───── Excerpted data ─────

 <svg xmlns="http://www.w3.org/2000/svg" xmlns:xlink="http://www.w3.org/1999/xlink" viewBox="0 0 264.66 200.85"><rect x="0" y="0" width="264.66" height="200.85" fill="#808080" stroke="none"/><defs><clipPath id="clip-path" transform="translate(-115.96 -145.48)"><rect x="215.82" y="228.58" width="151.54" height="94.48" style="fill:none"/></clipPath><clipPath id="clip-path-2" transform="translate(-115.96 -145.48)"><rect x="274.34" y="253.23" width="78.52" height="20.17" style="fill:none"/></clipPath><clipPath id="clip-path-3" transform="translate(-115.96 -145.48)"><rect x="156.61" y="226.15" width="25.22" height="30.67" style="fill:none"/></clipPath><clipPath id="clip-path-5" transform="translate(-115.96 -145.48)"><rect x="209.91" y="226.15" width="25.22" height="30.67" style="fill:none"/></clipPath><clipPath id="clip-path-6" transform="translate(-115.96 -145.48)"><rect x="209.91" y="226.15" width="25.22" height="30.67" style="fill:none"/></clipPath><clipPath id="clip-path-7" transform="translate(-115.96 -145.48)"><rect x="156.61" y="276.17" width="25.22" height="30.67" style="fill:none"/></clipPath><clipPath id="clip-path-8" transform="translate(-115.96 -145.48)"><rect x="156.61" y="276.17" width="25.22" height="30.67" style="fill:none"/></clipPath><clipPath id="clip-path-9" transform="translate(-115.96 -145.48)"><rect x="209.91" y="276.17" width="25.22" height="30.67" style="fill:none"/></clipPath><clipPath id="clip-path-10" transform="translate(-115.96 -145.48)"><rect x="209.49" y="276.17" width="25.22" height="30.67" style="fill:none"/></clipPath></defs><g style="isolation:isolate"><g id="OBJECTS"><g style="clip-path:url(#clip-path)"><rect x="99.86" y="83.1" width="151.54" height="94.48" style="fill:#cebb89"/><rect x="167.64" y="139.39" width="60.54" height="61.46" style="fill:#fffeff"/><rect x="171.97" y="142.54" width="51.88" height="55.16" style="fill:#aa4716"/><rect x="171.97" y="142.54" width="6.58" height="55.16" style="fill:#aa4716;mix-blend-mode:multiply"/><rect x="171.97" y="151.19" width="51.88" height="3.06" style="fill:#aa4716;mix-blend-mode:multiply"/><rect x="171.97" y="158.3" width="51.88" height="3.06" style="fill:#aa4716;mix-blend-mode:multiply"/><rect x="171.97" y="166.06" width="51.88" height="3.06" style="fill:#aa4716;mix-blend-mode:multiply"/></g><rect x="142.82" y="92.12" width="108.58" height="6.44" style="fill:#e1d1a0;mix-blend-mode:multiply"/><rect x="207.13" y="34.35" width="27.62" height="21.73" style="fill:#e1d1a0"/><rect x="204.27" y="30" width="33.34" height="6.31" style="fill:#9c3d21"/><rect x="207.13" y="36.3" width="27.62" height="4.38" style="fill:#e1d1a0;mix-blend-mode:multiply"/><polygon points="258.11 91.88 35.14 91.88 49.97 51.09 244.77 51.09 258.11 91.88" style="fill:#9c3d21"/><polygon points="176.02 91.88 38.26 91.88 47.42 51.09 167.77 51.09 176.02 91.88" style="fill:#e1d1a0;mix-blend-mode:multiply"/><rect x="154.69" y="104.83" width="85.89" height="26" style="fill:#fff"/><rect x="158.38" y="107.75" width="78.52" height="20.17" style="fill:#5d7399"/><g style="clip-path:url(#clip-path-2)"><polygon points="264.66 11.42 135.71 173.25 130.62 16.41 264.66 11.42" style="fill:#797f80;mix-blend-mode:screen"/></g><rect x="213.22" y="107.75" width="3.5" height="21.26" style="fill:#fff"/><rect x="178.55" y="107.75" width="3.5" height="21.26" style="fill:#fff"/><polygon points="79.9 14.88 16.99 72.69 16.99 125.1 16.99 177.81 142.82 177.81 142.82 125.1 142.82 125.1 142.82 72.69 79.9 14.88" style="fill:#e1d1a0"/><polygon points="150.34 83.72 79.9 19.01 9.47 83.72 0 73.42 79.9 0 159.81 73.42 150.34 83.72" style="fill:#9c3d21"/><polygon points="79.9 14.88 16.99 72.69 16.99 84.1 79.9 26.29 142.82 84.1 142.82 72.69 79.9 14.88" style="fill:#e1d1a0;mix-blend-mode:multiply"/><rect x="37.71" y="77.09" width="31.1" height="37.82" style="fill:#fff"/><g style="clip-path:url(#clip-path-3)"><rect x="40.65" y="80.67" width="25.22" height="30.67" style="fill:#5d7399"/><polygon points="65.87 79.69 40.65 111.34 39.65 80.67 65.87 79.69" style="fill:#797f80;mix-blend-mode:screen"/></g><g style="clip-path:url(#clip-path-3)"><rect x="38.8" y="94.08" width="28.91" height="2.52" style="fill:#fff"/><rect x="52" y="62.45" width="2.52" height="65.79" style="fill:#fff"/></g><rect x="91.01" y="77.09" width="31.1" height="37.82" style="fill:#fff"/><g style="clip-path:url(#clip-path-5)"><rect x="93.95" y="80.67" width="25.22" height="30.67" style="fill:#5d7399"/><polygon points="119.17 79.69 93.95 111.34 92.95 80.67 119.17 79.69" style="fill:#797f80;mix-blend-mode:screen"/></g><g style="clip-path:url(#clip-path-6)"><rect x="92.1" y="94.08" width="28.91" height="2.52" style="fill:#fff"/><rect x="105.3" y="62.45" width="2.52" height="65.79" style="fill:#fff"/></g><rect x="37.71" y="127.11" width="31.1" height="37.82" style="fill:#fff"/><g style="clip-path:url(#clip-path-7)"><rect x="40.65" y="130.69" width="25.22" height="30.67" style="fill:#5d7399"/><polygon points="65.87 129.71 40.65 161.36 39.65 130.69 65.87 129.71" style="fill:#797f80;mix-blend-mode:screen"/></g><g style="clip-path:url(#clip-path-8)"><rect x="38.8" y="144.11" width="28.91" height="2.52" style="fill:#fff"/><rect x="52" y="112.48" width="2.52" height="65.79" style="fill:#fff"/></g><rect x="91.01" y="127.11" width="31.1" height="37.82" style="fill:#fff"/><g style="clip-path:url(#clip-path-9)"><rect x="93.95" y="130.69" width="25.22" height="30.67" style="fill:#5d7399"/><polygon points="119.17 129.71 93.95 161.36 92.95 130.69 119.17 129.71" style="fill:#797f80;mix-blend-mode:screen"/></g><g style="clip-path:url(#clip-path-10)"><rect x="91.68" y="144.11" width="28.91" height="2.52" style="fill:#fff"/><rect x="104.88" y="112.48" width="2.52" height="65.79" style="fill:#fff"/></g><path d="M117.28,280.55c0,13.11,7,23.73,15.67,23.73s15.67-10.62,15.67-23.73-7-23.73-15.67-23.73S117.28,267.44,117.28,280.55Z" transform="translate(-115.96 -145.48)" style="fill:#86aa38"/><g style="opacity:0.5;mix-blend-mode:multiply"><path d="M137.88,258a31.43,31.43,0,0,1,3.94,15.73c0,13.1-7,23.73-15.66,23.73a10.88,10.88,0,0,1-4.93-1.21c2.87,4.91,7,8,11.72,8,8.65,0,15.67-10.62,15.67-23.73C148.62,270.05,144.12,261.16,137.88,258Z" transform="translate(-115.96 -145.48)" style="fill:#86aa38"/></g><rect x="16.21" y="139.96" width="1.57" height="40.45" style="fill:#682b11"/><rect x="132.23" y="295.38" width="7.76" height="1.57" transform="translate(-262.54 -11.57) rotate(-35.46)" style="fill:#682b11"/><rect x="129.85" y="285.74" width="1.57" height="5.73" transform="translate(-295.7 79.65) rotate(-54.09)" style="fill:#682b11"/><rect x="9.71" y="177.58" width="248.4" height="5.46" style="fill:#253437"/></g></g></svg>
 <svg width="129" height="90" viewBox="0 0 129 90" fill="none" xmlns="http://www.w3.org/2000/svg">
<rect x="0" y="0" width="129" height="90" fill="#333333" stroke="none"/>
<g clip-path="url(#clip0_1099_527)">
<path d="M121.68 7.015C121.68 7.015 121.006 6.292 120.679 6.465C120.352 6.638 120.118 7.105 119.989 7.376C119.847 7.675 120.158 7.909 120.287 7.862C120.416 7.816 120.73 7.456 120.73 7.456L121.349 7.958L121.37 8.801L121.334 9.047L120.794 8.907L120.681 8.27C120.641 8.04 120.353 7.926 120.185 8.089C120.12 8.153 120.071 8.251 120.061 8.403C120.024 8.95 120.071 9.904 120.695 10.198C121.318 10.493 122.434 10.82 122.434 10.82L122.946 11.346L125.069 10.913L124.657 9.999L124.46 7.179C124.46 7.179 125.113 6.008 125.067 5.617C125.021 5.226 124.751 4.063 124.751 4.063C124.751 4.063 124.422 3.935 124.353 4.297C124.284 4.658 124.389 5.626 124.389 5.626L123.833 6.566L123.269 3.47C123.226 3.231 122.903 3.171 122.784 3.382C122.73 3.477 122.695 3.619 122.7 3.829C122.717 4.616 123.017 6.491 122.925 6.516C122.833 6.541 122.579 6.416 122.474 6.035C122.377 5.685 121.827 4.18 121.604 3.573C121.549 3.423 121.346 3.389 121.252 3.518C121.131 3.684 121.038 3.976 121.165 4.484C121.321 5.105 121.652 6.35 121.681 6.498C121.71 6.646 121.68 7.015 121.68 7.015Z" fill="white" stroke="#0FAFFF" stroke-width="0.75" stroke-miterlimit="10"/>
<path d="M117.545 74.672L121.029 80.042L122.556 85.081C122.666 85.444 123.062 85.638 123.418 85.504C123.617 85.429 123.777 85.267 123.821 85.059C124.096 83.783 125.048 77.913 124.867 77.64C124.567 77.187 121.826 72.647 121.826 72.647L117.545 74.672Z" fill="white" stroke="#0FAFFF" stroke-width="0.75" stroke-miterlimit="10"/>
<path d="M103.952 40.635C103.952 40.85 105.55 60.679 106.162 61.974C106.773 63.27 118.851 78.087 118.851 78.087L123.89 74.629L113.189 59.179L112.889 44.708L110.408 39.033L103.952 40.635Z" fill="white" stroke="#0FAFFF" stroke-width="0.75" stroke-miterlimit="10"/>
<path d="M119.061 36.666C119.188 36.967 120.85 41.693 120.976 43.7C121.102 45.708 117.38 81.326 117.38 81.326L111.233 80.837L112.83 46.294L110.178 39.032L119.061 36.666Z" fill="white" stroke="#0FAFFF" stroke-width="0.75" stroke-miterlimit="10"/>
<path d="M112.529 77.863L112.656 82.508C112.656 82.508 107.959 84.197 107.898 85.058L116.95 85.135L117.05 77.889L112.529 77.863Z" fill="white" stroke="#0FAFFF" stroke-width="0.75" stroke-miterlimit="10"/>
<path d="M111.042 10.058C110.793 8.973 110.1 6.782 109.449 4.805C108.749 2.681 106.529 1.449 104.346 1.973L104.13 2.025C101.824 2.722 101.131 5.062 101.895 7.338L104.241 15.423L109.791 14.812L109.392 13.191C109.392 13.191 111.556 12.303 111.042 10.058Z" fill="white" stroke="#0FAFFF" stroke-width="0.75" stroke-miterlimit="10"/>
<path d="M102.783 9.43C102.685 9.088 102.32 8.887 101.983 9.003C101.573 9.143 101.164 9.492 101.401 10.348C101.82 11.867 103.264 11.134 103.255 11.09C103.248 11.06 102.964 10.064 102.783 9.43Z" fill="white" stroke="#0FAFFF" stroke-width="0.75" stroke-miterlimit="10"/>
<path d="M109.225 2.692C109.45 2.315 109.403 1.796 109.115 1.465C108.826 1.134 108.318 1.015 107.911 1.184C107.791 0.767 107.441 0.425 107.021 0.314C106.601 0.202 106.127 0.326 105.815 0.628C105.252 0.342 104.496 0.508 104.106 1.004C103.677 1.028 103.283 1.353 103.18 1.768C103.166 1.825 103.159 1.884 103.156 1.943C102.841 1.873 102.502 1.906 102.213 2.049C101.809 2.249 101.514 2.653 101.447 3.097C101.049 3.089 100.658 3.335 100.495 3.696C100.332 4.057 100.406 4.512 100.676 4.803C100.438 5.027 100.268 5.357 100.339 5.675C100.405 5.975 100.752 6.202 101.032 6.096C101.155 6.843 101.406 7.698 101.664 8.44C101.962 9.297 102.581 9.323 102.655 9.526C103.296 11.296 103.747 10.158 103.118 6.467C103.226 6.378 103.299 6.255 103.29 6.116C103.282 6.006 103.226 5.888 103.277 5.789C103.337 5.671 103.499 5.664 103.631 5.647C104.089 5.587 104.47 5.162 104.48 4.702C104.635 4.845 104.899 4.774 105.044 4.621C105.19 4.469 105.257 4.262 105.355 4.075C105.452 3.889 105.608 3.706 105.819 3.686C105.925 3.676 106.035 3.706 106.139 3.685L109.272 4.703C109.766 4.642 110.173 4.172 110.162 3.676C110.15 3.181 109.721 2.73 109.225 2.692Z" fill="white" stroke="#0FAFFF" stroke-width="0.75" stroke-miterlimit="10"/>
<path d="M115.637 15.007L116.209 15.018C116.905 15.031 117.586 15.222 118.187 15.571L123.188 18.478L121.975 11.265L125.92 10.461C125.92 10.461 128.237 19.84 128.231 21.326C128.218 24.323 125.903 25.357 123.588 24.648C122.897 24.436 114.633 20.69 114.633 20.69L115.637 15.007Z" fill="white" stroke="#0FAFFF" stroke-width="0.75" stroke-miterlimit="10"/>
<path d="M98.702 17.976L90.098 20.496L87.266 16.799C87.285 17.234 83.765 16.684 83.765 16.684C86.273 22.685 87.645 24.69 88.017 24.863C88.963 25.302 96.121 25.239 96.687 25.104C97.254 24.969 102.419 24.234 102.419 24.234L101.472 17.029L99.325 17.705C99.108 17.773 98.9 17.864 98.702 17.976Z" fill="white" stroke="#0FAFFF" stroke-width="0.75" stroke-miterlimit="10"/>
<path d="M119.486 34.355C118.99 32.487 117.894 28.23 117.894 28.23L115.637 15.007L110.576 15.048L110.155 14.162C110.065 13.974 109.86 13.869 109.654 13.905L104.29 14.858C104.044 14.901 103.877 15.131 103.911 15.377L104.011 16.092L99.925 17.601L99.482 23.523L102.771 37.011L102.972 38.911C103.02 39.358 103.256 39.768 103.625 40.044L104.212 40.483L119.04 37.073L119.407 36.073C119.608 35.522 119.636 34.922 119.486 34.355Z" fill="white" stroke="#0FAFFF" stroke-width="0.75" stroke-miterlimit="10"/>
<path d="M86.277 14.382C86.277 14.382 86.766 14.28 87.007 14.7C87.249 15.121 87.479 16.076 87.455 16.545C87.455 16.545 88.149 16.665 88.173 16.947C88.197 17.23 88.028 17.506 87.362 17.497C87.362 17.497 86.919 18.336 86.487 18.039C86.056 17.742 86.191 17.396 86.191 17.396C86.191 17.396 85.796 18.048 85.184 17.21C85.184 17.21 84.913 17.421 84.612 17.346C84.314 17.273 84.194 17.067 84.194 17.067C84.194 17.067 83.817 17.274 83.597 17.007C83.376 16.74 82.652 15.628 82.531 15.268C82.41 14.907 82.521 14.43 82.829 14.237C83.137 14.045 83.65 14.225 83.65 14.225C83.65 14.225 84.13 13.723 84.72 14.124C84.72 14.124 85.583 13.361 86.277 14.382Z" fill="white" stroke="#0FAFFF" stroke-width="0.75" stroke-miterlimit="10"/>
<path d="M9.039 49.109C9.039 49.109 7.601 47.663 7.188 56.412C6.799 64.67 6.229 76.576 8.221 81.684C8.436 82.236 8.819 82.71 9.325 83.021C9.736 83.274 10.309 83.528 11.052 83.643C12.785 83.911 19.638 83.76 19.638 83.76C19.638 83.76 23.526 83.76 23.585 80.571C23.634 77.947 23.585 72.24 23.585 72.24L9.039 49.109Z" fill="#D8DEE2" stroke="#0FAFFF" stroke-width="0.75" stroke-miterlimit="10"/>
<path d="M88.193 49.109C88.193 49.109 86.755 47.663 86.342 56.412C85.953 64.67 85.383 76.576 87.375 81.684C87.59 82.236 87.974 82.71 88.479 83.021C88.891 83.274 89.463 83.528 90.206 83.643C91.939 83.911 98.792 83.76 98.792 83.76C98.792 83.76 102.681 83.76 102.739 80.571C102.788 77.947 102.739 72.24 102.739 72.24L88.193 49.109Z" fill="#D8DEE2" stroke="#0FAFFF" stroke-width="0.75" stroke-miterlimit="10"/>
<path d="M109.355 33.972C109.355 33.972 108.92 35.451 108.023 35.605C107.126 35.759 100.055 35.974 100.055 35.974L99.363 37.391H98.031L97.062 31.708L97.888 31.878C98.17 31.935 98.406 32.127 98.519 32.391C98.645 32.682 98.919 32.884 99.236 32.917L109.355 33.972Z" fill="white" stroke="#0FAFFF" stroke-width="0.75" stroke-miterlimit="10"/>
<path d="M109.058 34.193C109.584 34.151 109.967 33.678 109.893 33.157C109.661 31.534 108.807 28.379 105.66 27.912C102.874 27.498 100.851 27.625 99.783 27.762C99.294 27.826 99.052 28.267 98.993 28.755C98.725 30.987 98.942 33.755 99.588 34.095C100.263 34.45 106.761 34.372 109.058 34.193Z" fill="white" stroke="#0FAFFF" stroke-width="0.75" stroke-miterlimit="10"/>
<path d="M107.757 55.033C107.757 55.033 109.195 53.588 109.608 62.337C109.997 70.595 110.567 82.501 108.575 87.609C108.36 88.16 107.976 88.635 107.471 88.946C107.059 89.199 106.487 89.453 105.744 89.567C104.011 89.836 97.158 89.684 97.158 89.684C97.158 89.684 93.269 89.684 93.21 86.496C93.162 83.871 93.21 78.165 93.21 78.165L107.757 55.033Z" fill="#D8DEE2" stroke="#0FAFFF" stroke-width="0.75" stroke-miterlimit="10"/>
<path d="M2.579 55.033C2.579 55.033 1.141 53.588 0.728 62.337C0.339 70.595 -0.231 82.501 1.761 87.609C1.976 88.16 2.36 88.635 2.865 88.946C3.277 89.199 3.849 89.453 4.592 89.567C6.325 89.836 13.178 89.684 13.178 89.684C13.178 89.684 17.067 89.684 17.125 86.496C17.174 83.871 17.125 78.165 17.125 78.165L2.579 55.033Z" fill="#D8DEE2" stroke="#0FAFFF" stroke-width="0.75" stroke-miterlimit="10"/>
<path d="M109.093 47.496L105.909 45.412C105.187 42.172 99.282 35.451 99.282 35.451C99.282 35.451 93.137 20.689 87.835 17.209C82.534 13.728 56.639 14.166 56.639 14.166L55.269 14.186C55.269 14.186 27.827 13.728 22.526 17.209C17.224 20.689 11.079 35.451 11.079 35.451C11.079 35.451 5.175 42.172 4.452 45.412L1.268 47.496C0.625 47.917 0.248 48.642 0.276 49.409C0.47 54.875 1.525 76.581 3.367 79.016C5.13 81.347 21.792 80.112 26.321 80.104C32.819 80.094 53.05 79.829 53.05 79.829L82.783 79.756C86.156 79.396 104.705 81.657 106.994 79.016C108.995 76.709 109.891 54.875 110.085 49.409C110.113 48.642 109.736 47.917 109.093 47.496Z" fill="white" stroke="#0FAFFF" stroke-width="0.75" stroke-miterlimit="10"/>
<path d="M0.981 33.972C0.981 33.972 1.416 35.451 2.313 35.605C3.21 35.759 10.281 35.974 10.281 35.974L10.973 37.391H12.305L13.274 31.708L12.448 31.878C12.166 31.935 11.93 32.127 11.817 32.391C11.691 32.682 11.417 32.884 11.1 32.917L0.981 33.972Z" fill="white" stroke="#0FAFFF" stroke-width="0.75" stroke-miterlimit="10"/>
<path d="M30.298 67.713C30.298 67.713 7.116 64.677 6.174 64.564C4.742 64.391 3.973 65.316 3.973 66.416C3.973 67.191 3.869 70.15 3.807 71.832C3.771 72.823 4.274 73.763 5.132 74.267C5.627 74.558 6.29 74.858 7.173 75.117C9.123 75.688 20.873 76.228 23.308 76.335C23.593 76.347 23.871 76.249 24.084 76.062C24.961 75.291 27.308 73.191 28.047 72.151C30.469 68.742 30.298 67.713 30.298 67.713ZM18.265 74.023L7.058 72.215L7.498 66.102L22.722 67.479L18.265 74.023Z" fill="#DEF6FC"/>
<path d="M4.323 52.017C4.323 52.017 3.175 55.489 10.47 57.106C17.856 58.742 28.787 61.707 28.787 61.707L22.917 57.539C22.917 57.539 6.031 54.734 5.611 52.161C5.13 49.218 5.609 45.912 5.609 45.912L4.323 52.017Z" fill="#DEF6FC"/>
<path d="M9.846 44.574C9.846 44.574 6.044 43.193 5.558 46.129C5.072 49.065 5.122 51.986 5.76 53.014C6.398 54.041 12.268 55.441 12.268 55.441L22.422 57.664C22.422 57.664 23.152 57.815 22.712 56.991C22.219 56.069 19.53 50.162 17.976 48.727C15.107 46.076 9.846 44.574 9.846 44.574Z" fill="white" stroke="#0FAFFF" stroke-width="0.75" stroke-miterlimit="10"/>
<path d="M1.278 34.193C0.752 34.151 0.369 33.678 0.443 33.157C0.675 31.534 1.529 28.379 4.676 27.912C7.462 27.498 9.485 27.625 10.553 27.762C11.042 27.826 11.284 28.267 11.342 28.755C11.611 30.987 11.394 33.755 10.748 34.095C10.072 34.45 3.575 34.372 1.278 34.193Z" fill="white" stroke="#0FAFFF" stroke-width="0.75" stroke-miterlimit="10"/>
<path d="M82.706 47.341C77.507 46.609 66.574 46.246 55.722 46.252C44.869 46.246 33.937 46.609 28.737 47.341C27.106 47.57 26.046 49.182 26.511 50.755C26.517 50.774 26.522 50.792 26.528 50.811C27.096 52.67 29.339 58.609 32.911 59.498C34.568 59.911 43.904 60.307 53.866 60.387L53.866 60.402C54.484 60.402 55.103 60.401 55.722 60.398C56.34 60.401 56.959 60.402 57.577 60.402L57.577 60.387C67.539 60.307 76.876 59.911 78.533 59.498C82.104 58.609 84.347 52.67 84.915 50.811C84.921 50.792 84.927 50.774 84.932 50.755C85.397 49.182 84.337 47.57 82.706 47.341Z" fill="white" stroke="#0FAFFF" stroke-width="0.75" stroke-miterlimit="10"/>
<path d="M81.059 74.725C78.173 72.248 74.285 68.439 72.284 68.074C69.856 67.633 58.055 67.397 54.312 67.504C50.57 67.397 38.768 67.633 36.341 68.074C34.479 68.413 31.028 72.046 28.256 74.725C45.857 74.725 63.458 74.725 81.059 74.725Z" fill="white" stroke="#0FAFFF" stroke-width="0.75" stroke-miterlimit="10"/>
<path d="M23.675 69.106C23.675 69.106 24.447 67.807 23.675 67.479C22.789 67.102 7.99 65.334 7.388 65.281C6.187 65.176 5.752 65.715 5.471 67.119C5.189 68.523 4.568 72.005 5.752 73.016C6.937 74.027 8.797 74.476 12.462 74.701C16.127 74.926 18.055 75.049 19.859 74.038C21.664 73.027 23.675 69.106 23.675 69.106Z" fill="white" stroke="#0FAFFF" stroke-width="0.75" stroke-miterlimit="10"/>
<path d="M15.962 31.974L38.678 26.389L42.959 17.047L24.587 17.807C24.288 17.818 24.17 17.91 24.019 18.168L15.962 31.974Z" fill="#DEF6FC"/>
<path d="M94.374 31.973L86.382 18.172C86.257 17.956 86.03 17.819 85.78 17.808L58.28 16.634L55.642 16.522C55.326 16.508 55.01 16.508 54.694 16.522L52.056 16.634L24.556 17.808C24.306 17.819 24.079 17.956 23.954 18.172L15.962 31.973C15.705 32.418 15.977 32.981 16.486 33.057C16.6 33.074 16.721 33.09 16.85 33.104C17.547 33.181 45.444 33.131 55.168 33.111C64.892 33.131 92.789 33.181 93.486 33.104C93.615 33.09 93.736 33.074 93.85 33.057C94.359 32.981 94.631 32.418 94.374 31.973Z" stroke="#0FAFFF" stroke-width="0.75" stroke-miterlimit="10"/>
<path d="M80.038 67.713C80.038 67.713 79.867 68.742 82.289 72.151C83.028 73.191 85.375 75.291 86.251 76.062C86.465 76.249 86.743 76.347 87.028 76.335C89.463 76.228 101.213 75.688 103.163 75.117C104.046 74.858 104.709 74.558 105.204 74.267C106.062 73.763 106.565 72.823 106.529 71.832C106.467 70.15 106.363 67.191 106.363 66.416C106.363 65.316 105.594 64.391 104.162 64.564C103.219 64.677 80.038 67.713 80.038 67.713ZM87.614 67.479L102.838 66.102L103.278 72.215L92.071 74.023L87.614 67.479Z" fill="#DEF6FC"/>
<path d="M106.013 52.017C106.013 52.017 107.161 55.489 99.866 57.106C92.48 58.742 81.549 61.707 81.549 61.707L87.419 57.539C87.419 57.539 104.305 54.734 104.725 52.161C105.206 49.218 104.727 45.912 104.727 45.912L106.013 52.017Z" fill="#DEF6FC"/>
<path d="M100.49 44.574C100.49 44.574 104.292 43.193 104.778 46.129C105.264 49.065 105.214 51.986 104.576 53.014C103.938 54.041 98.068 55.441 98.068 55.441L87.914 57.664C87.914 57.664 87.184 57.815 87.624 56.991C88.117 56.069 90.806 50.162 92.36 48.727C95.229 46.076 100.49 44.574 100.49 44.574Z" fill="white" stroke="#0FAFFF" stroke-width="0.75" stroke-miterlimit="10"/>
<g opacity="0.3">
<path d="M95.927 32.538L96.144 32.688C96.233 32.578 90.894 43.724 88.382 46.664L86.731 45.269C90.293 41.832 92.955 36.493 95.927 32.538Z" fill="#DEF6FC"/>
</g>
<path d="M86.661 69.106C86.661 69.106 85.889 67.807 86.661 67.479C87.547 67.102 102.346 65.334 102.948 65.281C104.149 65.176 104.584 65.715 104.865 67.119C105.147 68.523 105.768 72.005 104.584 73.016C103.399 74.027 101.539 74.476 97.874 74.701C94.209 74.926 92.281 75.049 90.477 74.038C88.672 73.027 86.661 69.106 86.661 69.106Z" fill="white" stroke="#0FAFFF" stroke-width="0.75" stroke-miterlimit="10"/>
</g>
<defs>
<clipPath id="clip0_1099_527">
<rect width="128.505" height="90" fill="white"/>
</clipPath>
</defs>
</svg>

─────

Problem description -
Only the lines above from the one with "74.725C78.173 72.248 74.285" up to and including the one with "52.017C106.013 52.017 107.161" should be repeated, exactly as written.

Response -
<path d="M81.059 74.725C78.173 72.248 74.285 68.439 72.284 68.074C69.856 67.633 58.055 67.397 54.312 67.504C50.57 67.397 38.768 67.633 36.341 68.074C34.479 68.413 31.028 72.046 28.256 74.725C45.857 74.725 63.458 74.725 81.059 74.725Z" fill="white" stroke="#0FAFFF" stroke-width="0.75" stroke-miterlimit="10"/>
<path d="M23.675 69.106C23.675 69.106 24.447 67.807 23.675 67.479C22.789 67.102 7.99 65.334 7.388 65.281C6.187 65.176 5.752 65.715 5.471 67.119C5.189 68.523 4.568 72.005 5.752 73.016C6.937 74.027 8.797 74.476 12.462 74.701C16.127 74.926 18.055 75.049 19.859 74.038C21.664 73.027 23.675 69.106 23.675 69.106Z" fill="white" stroke="#0FAFFF" stroke-width="0.75" stroke-miterlimit="10"/>
<path d="M15.962 31.974L38.678 26.389L42.959 17.047L24.587 17.807C24.288 17.818 24.17 17.91 24.019 18.168L15.962 31.974Z" fill="#DEF6FC"/>
<path d="M94.374 31.973L86.382 18.172C86.257 17.956 86.03 17.819 85.78 17.808L58.28 16.634L55.642 16.522C55.326 16.508 55.01 16.508 54.694 16.522L52.056 16.634L24.556 17.808C24.306 17.819 24.079 17.956 23.954 18.172L15.962 31.973C15.705 32.418 15.977 32.981 16.486 33.057C16.6 33.074 16.721 33.09 16.85 33.104C17.547 33.181 45.444 33.131 55.168 33.111C64.892 33.131 92.789 33.181 93.486 33.104C93.615 33.09 93.736 33.074 93.85 33.057C94.359 32.981 94.631 32.418 94.374 31.973Z" stroke="#0FAFFF" stroke-width="0.75" stroke-miterlimit="10"/>
<path d="M80.038 67.713C80.038 67.713 79.867 68.742 82.289 72.151C83.028 73.191 85.375 75.291 86.251 76.062C86.465 76.249 86.743 76.347 87.028 76.335C89.463 76.228 101.213 75.688 103.163 75.117C104.046 74.858 104.709 74.558 105.204 74.267C106.062 73.763 106.565 72.823 106.529 71.832C106.467 70.15 106.363 67.191 106.363 66.416C106.363 65.316 105.594 64.391 104.162 64.564C103.219 64.677 80.038 67.713 80.038 67.713ZM87.614 67.479L102.838 66.102L103.278 72.215L92.071 74.023L87.614 67.479Z" fill="#DEF6FC"/>
<path d="M106.013 52.017C106.013 52.017 107.161 55.489 99.866 57.106C92.48 58.742 81.549 61.707 81.549 61.707L87.419 57.539C87.419 57.539 104.305 54.734 104.725 52.161C105.206 49.218 104.727 45.912 104.727 45.912L106.013 52.017Z" fill="#DEF6FC"/>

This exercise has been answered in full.